Hyliion
- Type: Public
- Traded as: AMEX: HYLN
- Industry: Energy technology
- Founded: 2015; 11 years ago in Pittsburgh, Pennsylvania
- Founder: Thomas Healy
- Headquarters: Cedar Park, Texas, U.S.
- Key people: Thomas Healy (CEO) Jon Panzer (CFO) Josh Mook (CTO) Cheri Lantz (CSO)
- Products: KARNO Generator
- Revenue: US$3.48 million (2025)
- Net income: −US$57.2 million (2025)
- Website: hyliion.com

= Hyliion Holdings =

American energy technology company

Hyliion Holdings Corp. is an American manufacturer of modular power generators based in Cedar Park, Texas. It started as an electrified Class 8 powertrain systems manufacturer before shifting toward power generation following the acquisition of the KARNO generator from GE Aerospace.

== History ==
Hyliion was founded in 2015 by Thomas Healy in Pittsburgh, Pennsylvania, while studying mechanical engineering at Carnegie Mellon University. The company developed hybrid electric drivetrains for Class 8 trucks, including the Trailer Hybrid Electric (HE) system and the 6X4HE hybrid axle.
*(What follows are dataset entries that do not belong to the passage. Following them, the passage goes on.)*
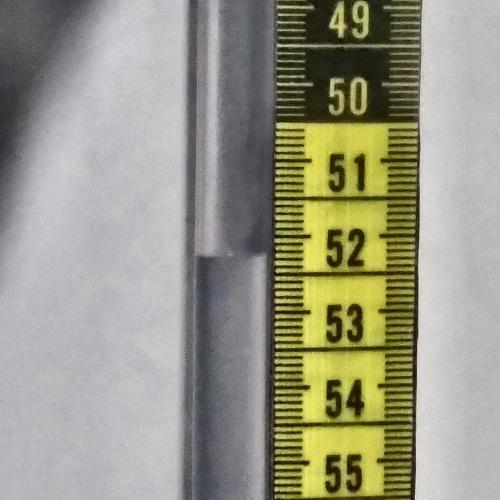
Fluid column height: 52.3 cm
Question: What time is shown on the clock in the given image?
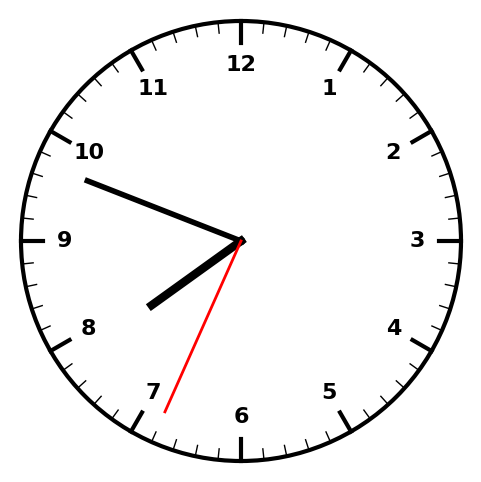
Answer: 07:48:34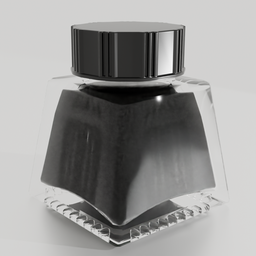
Label: tools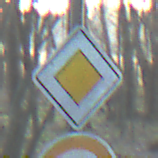
Verkehrszeichen: Vorfahrtsstrasse
Zusatzzeichen unten: UeberholverbotKraftfahrzeuge
Umgebung: Outdoor, Nature
Tageszeit: SunriseSunset
Wetter: Clear
Licht: Natural
Jahreszeit: Winter
Kontrast: LowContrast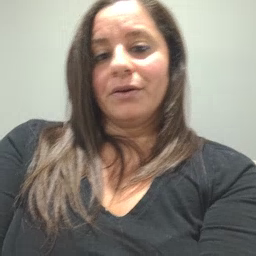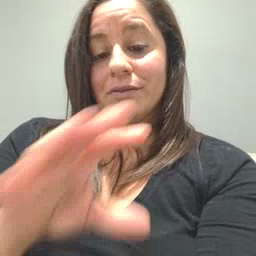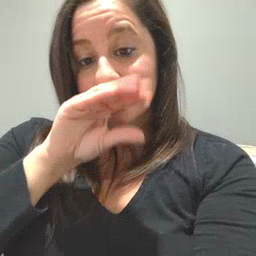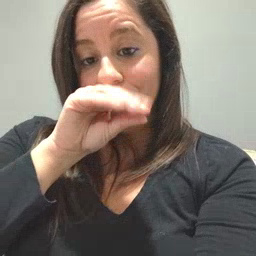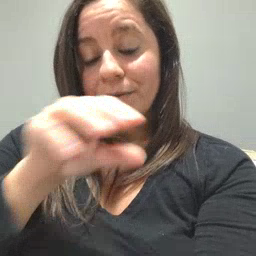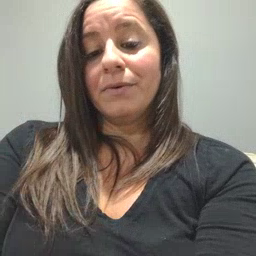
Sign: duck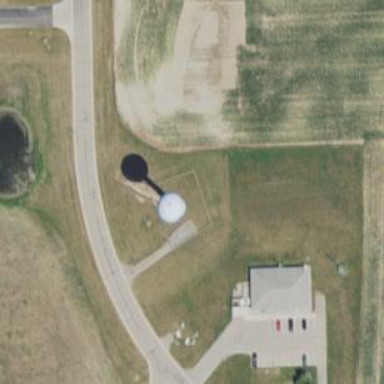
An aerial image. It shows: Water tower that is man-made.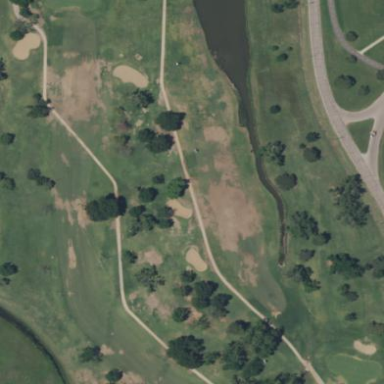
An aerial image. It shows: Golf fairway surrounded by grass.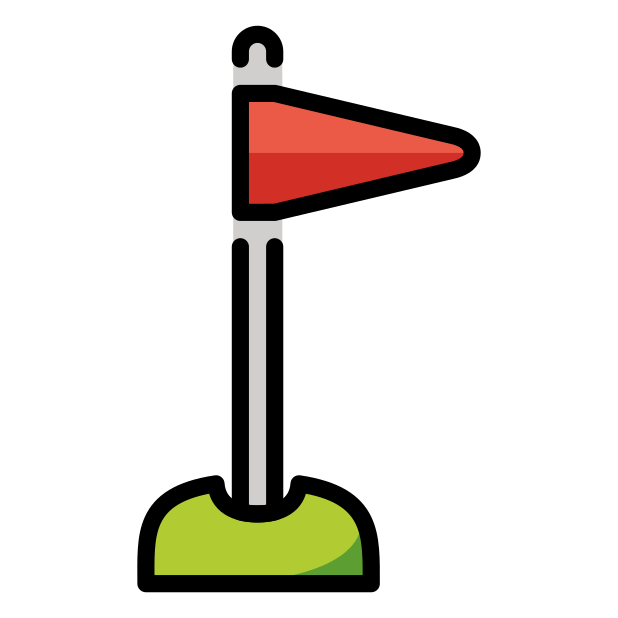
Emoji: ⛳
Name: flag in hole
Unicode: 0x26f3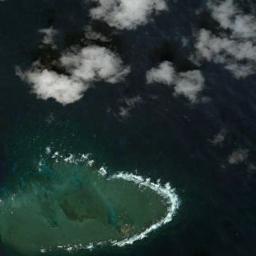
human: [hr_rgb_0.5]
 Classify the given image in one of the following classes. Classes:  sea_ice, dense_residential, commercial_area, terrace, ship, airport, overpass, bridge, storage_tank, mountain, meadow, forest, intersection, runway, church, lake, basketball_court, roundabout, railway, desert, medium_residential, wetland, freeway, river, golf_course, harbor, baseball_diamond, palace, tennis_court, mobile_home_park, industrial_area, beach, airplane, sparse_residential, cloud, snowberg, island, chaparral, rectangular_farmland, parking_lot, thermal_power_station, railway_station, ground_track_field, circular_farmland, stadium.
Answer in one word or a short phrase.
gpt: island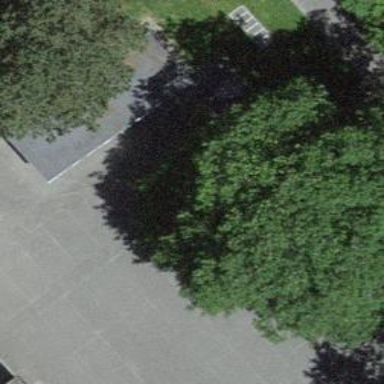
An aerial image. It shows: Service building.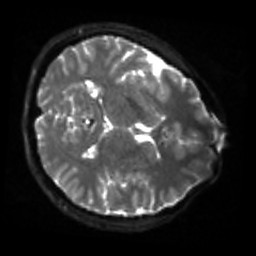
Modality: sbref
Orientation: axial
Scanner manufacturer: siemens
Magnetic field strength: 3 T
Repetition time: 4 s
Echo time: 0.0594 s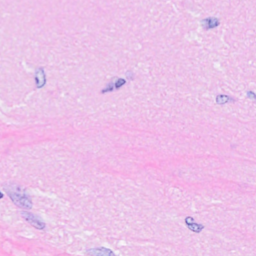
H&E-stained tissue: Breast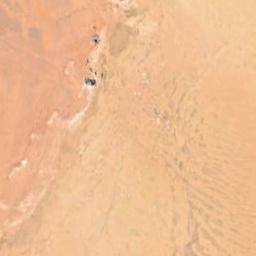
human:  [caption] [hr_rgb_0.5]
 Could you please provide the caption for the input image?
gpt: The desert is full of yellow sand .

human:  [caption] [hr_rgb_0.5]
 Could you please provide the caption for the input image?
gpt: The desert has yellow sand and orange sand and the desert terrain is flat .

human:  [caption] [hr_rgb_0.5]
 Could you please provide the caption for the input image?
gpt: It is a large piece of flat dark yellow desert .

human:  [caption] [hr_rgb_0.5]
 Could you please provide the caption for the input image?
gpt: There is some weed on the edge of this desert .

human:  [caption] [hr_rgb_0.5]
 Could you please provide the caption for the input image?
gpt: A yellow sandy desert with some white rocks .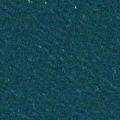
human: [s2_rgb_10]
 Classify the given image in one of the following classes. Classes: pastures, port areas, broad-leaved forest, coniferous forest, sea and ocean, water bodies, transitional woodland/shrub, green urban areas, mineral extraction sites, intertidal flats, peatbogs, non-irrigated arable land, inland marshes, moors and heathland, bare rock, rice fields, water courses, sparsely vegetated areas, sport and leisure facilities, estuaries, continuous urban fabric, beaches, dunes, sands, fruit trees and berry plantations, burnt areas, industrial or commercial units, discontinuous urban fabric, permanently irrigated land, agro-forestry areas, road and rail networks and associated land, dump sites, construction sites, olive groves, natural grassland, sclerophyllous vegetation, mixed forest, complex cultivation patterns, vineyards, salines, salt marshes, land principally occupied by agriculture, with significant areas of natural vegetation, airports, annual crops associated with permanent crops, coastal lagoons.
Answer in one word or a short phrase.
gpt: sea and ocean
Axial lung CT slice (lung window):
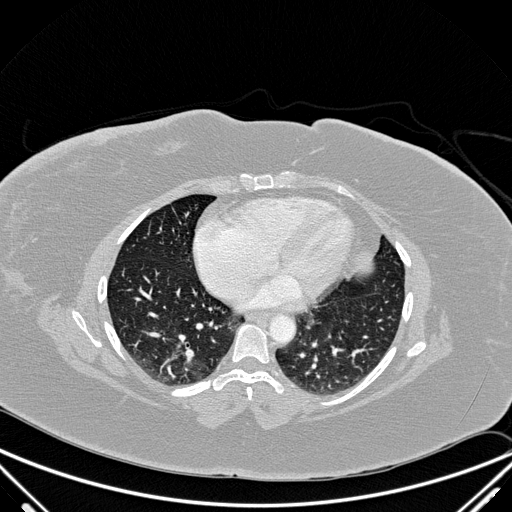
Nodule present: no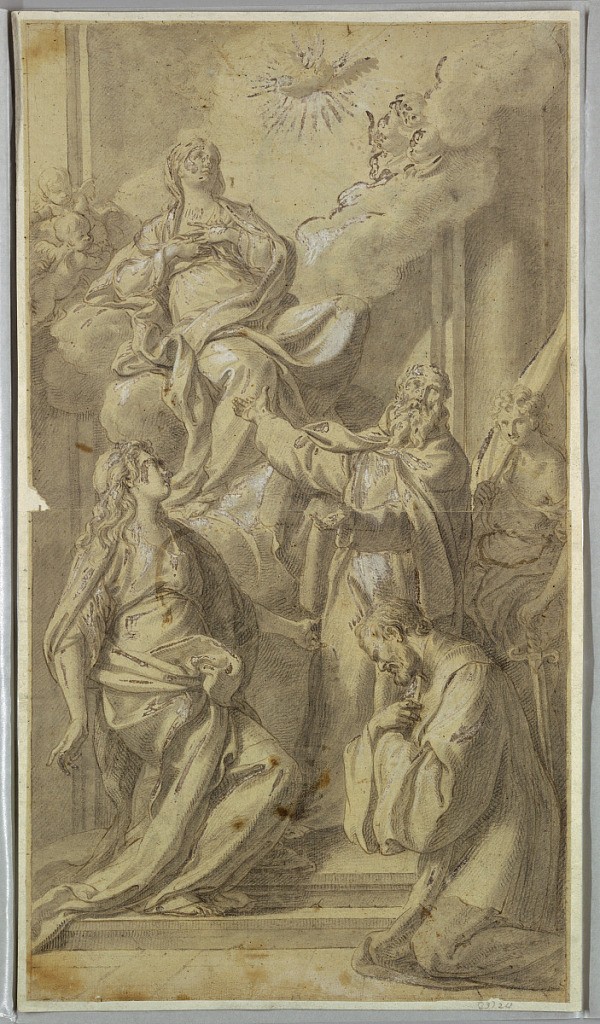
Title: Madonna and Saints
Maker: Sebastiano Conca, Italian, 1680 - 1764
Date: ca. 1730
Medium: Pen and brown ink, brush and wash, whitening, on paper
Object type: Drawing
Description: Madonna appears in a cloud to saints praying. The saints kneel in veneration. Madonna is looking up to heaven, where the dove of the Holy Ghost hovers.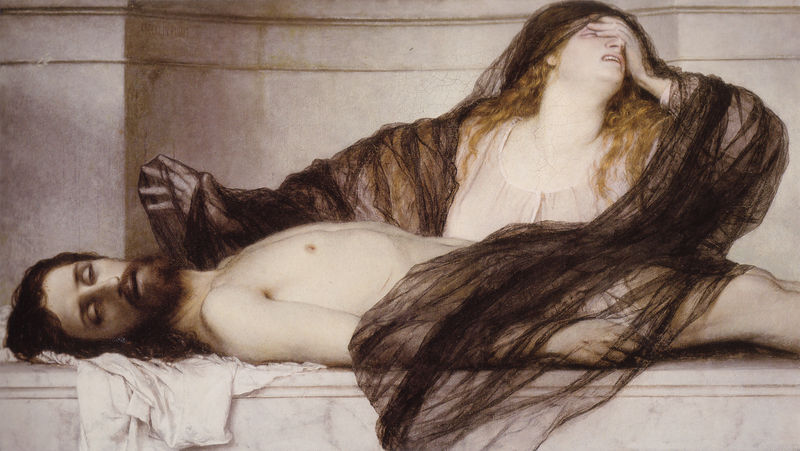
Titel: Trauer der Maria Magdalena an der Leiche Christi
Künstler: Arnold Böcklin
Standort: Basel
Institution: Kunstmuseum
Schlagwörter: akt, hand, haut, kopf, körper, mann, nackt, umhang, weiß, wunde, braun, brust, finger, frau, geste, grau, haar, kleid, marmor, mund, nase, pastell, schwarz, stirn, tisch, gebäude, rot, schleier, tuch, beige, symbolismus, bart, blond, wand, architektur, arme, augen, blass, falten, leiche, stein, tod, tot, toter, trauer, vollbart, hals, hände, wache, haare, pose, stoff, stoffe, tücher, kinn, locken, farbig, liebe, liegen, mauer, schriftzug, bank, querformat, wehen, mimik, bett, faltenwurf, liegend, transparent, transparenz, oberkörper, geschlossen, lider, surreal, rothaarig, nische, krank, bedeckt, weinen, gestik, verzweiflung, trost, sarg, bahre, christus, grab, jesus, jesus christus, leichentuch, leichnam, pieta, totenbett, elend, leid, schmerz, bocklin, heilige, maria, magdalena, beweinung, trauern, schrei, taft, klagen, totenwache, gaze, sarkophag, nippel, bedeckung, aufbahrung, klage, beweinen, langes haar, gesischt, jeus, emphase, lockeb, mausetot, tod christus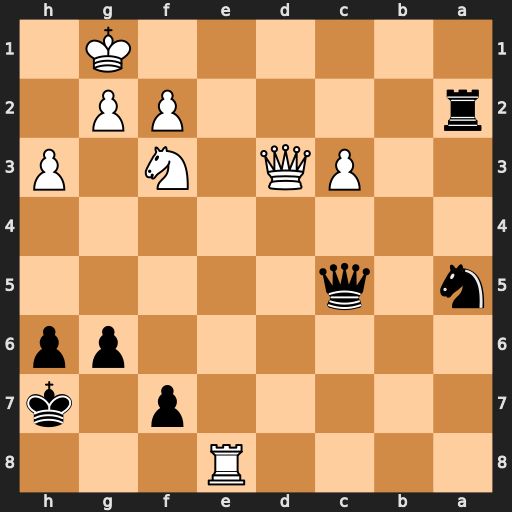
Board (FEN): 4R3/5p1k/6pp/n1q5/8/2PQ1N1P/r4PP1/6K1
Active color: b
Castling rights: -
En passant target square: -
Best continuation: Qxf2+ Kh2 Qxg2#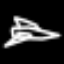
Label: airplane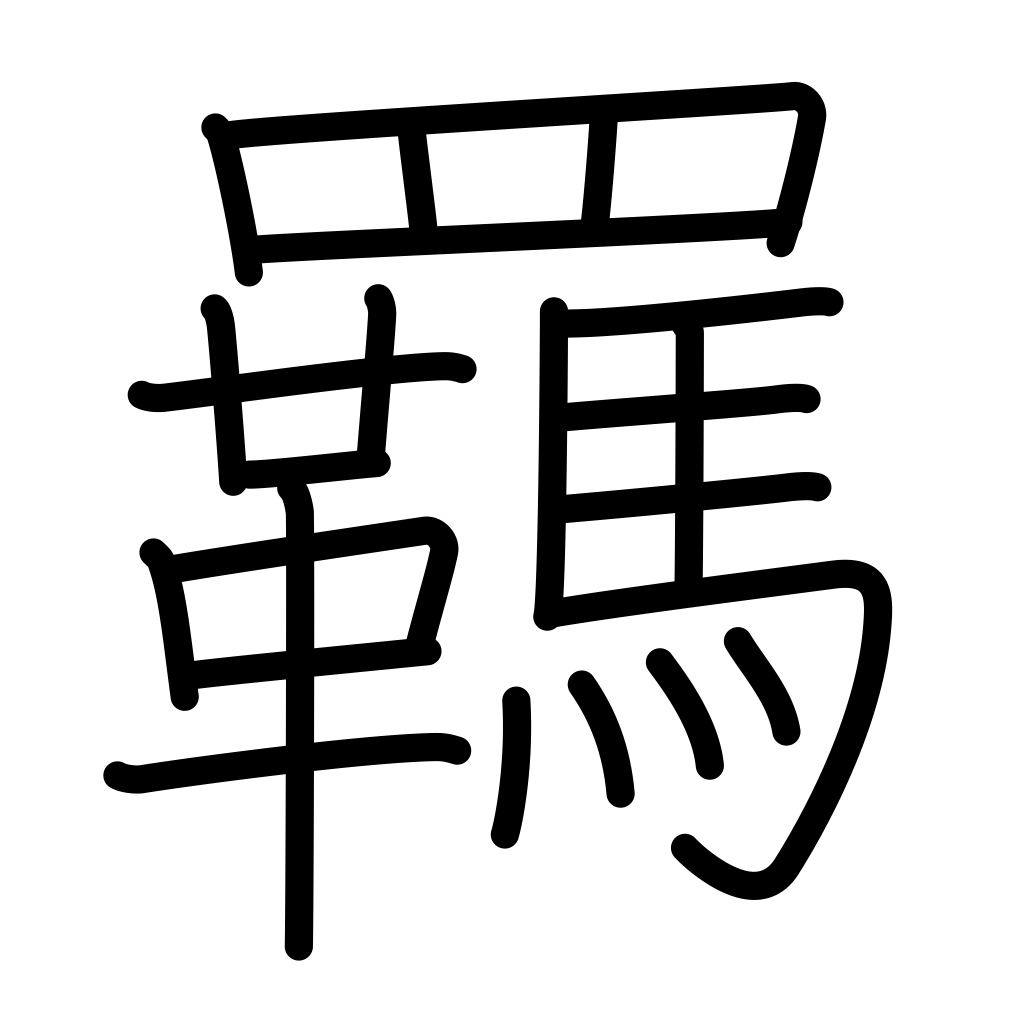
Meaning: reins, connection
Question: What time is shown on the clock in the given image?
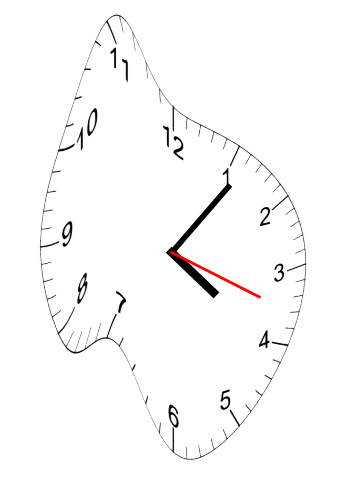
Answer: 04:06:18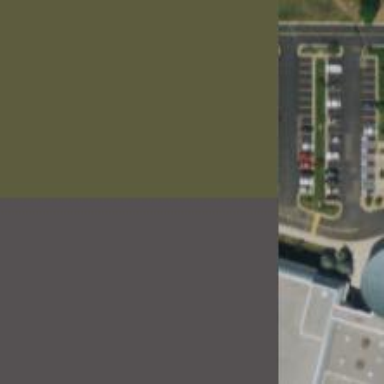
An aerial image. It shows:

In 2018, Hyliion relocated to Cedar Park, Texas, following approval of an economic incentives package from the Cedar Park City Council. During this period, Hyliion acquired Gentherm's battery division.

In 2020, Hyliion merged with Tortoise Acquisition Corp., a special-purpose acquisition company (SPAC). At the time of the merger, the company was valued at US$1.6 billion. In October 2020, activist short-seller Bonitas Research published a critical report in which it disputed Hyliion's claim that its hybrid retrofit system delivered up to 30% fuel efficiency improvements and asserted that only a portion of the customers listed in Hyliion's investor presentations had actually purchased its Hybrid-X system.

In August 2022, Hyliion acquired KARNO generator technology from GE Additive for $37 million.

In November 2023, Hyliion shifted its focus to the KARNO generator. As part of this transition, Hyliion discontinued its powertrain business and reduced its workforce by two-thirds.

In January 2025, Hyliion installed an M Line additive manufacturing system in the United States from Colibrium Additive for production support.

== KARNO generator technology ==
The KARNO generator, developed by GE, is a fuel-agnostic linear generator. It operates on natural gas, hydrogen, propane, diesel, ammonia, and methane without mechanical modification. The KARNO system produces power through a flameless, low-temperature oxidation process.

The generator uses synchronized linear motion to drive a thermodynamic cycle within a hermetically sealed system.